So, dear readers, is there anything which one must do while eighteen? If so, I have four days left in which to do it.
Around this time last year I was in a state of shock over how quickly seventeen had gone. Now that I look back on seventeen from a slight distance, I can see why I felt that way. The first six months of seventeen were spent in a blur of advanced math (curses be upon it), college visits, scholarship applications, and discussions-ending-in-tears over the fact that I got into my crazy stubborn head the idea that God wanted me to give up a full-ride scholarship so I could go to an itty-bitty little Catholic school in the middle of the Rust Belt.
The next three months were spent reading fifty-six books (no, that is not a typo), playing pick-up games of Ultimate Frisbee, and having everybody and their aunt asking me if I was nervous about going to college. I wasn't, actually, until everybody started asking me and I started wondering if there was something to be nervous about.
Then there was a five-hour car ride, during which I was very nervous, and a loooong weekend during which I grinned like an idiot. My dad said, "You're not nearly as nervous as you were on the way here," to which I replied, "I'm just jazzed to be on the show, man." (If you get that you're a geek. I'm just saying.)
There followed three months of, "Oh, crap, now I have to take care of myself." I managed, somehow, to make it to my eighteenth birthday without dying, though I did cry pretty much the whole day. We won't talk about that.

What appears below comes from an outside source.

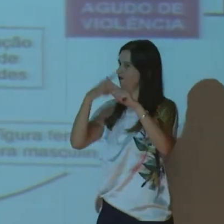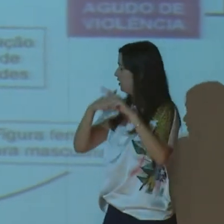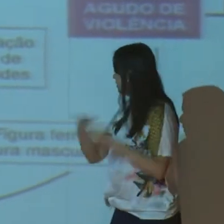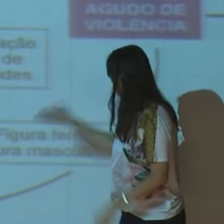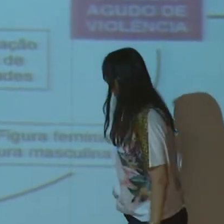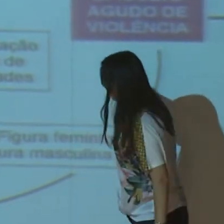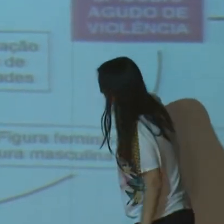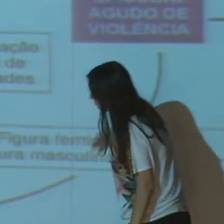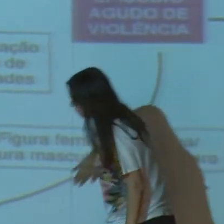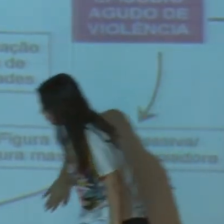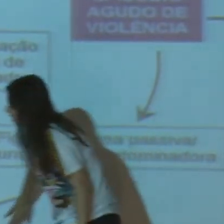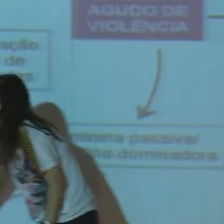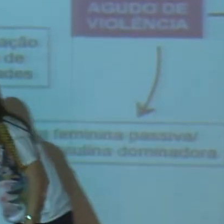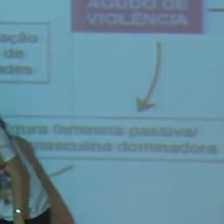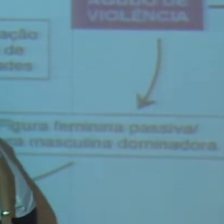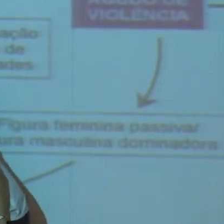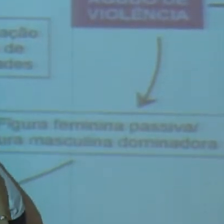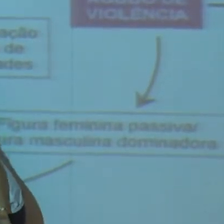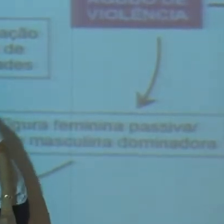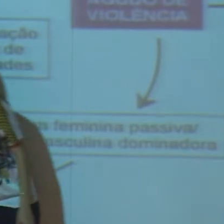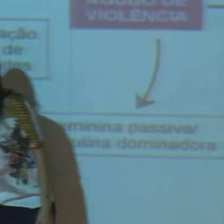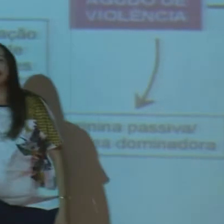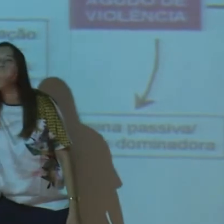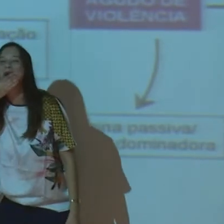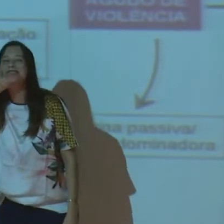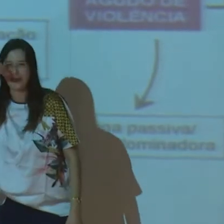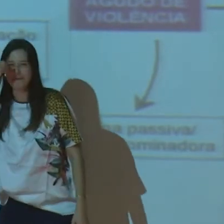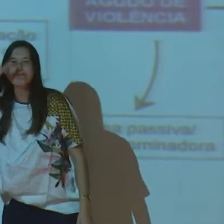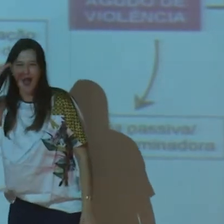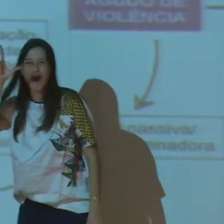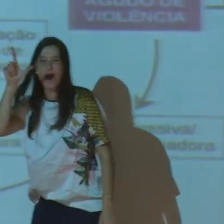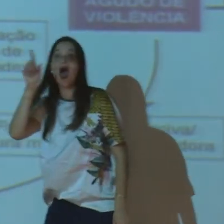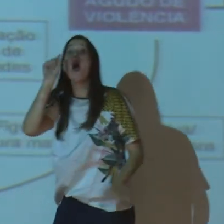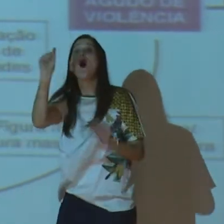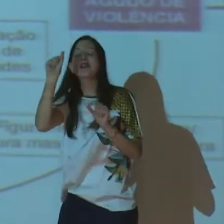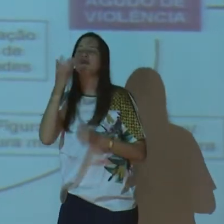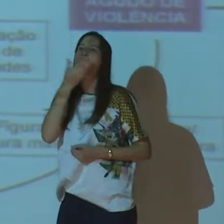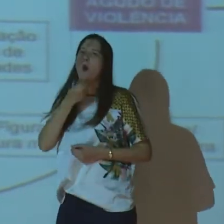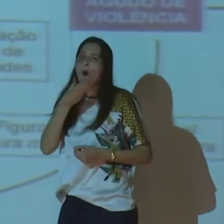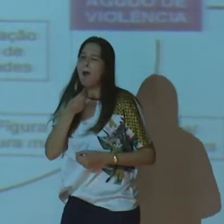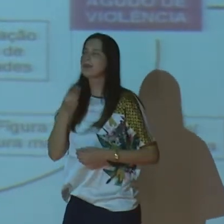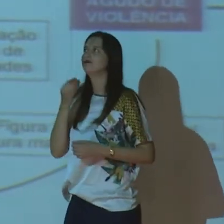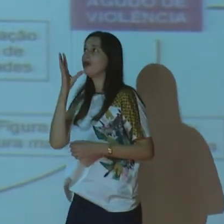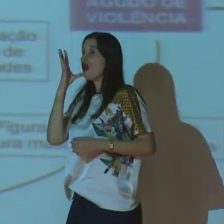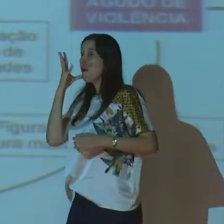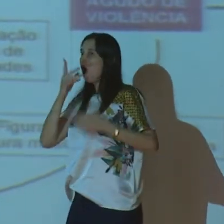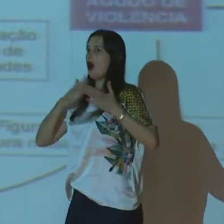E isso acontece muito, muitas vezes. E depois desse ciclo, chega na lua de mel, que é onde o homem

The first two and a half months of eighteen are best characterized by the single word waiting...I did not know then for whom.

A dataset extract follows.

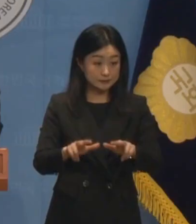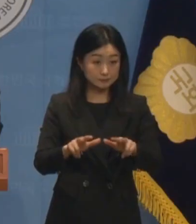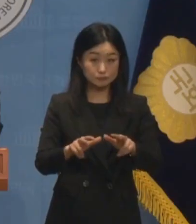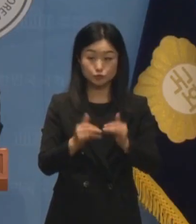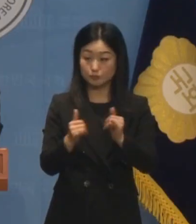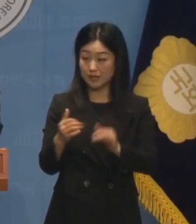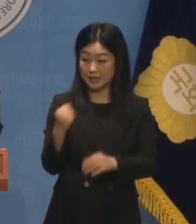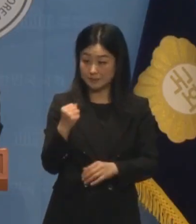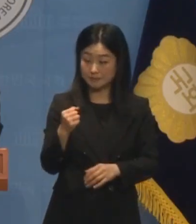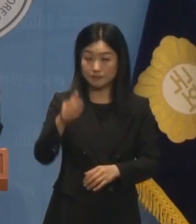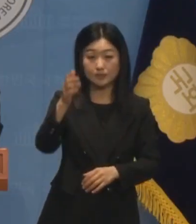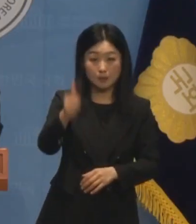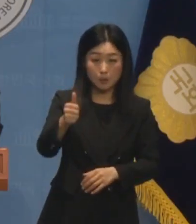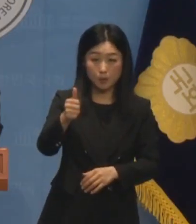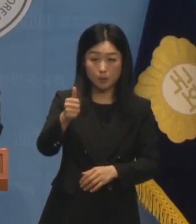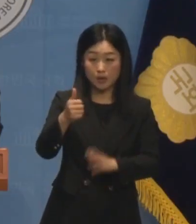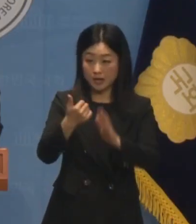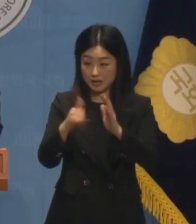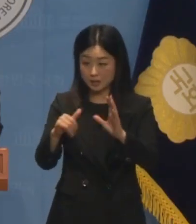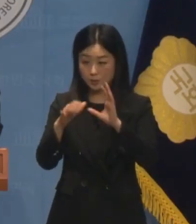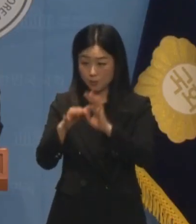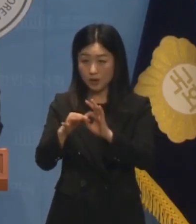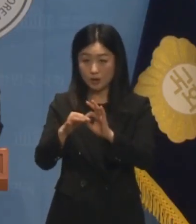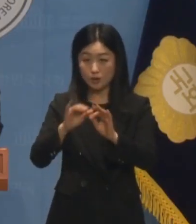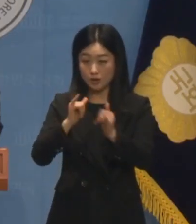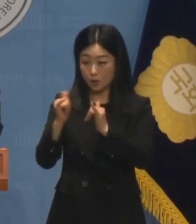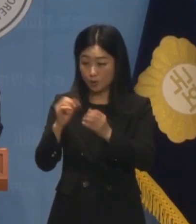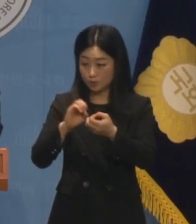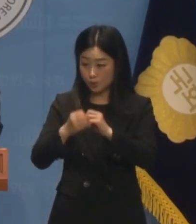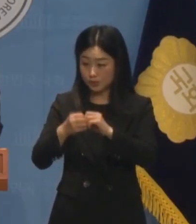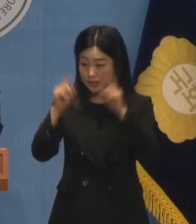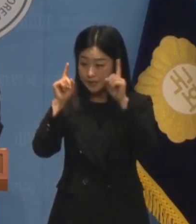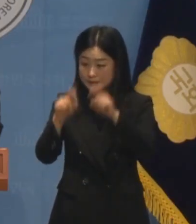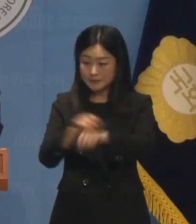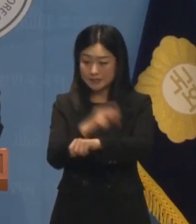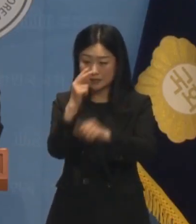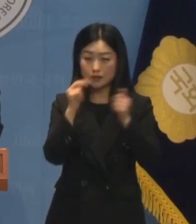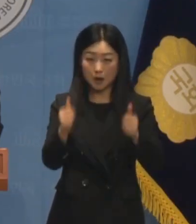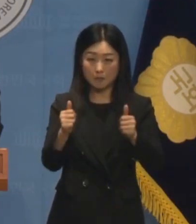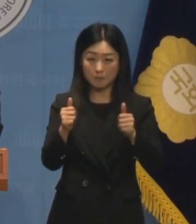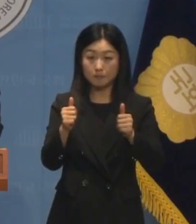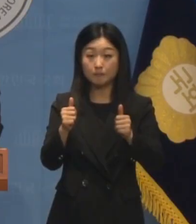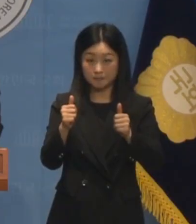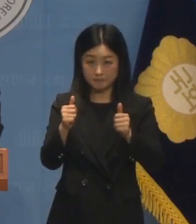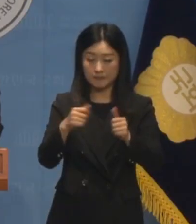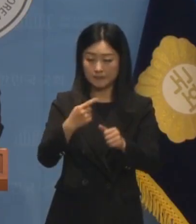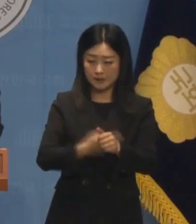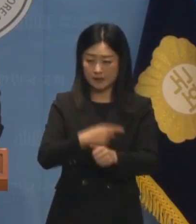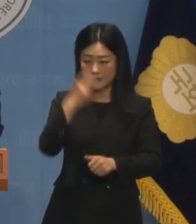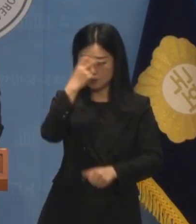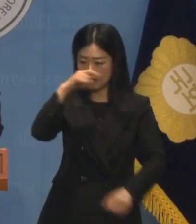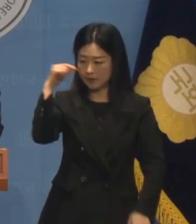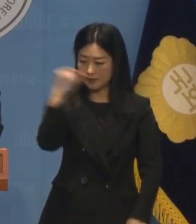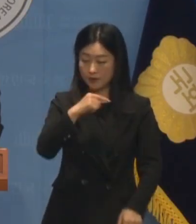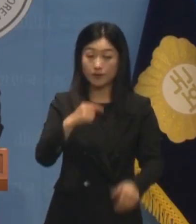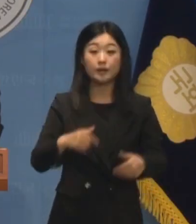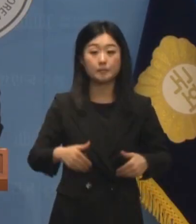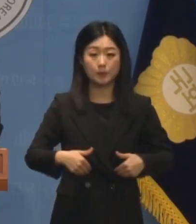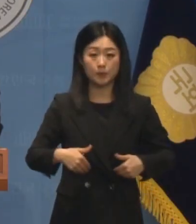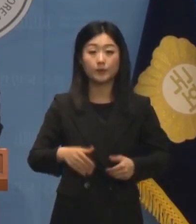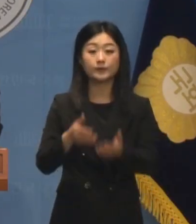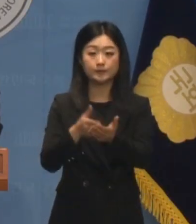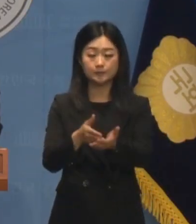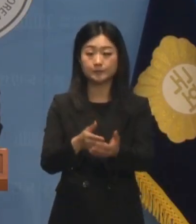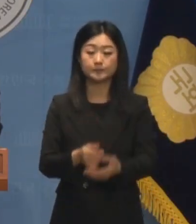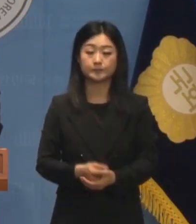한동훈 대표 여론 조작 우혹은 특검을 통해 철저히 진상이 규명되어야 할 것입니다.

Around the end of January the Russians happened. You know, dear readers, someday I'm going to tell you about the Russians and you're going to be terribly disappointed because it really isn't that exciting, except for me, because of what happened after.
You see, it was the Russians who made me, later, pause and think just how dear Scott had become to me.
As soon as I realized that I stopped dead and said (out loud), "I'm in trouble."
The next two and a half months of eighteen were spent wrestling with God. I was rather dramatically miserable at the time but in hindsight I'm starting to see why it was necessary. Before April 4 I would not have been ready to stand and listen while Scott stood there and explained an interesting thing he'd just figured out. Before April 6 I wouldn't have been able to say...whatever it was I ended up saying. It was very long and rambly and never really came to a point. I just kind of trailed off and we stood there grinning at each other.
I'm not even going to attempt to summarize the seven months that followed. Maybe in ten years or so they'll form some kind of coherent picture. Suffice it to say that the bad parts of eighteen were worse than the bad parts of seventeen, but the good parts were so much better that if I cry all day on my birthday again it'll be because I can't believe it's possible to be this blessed.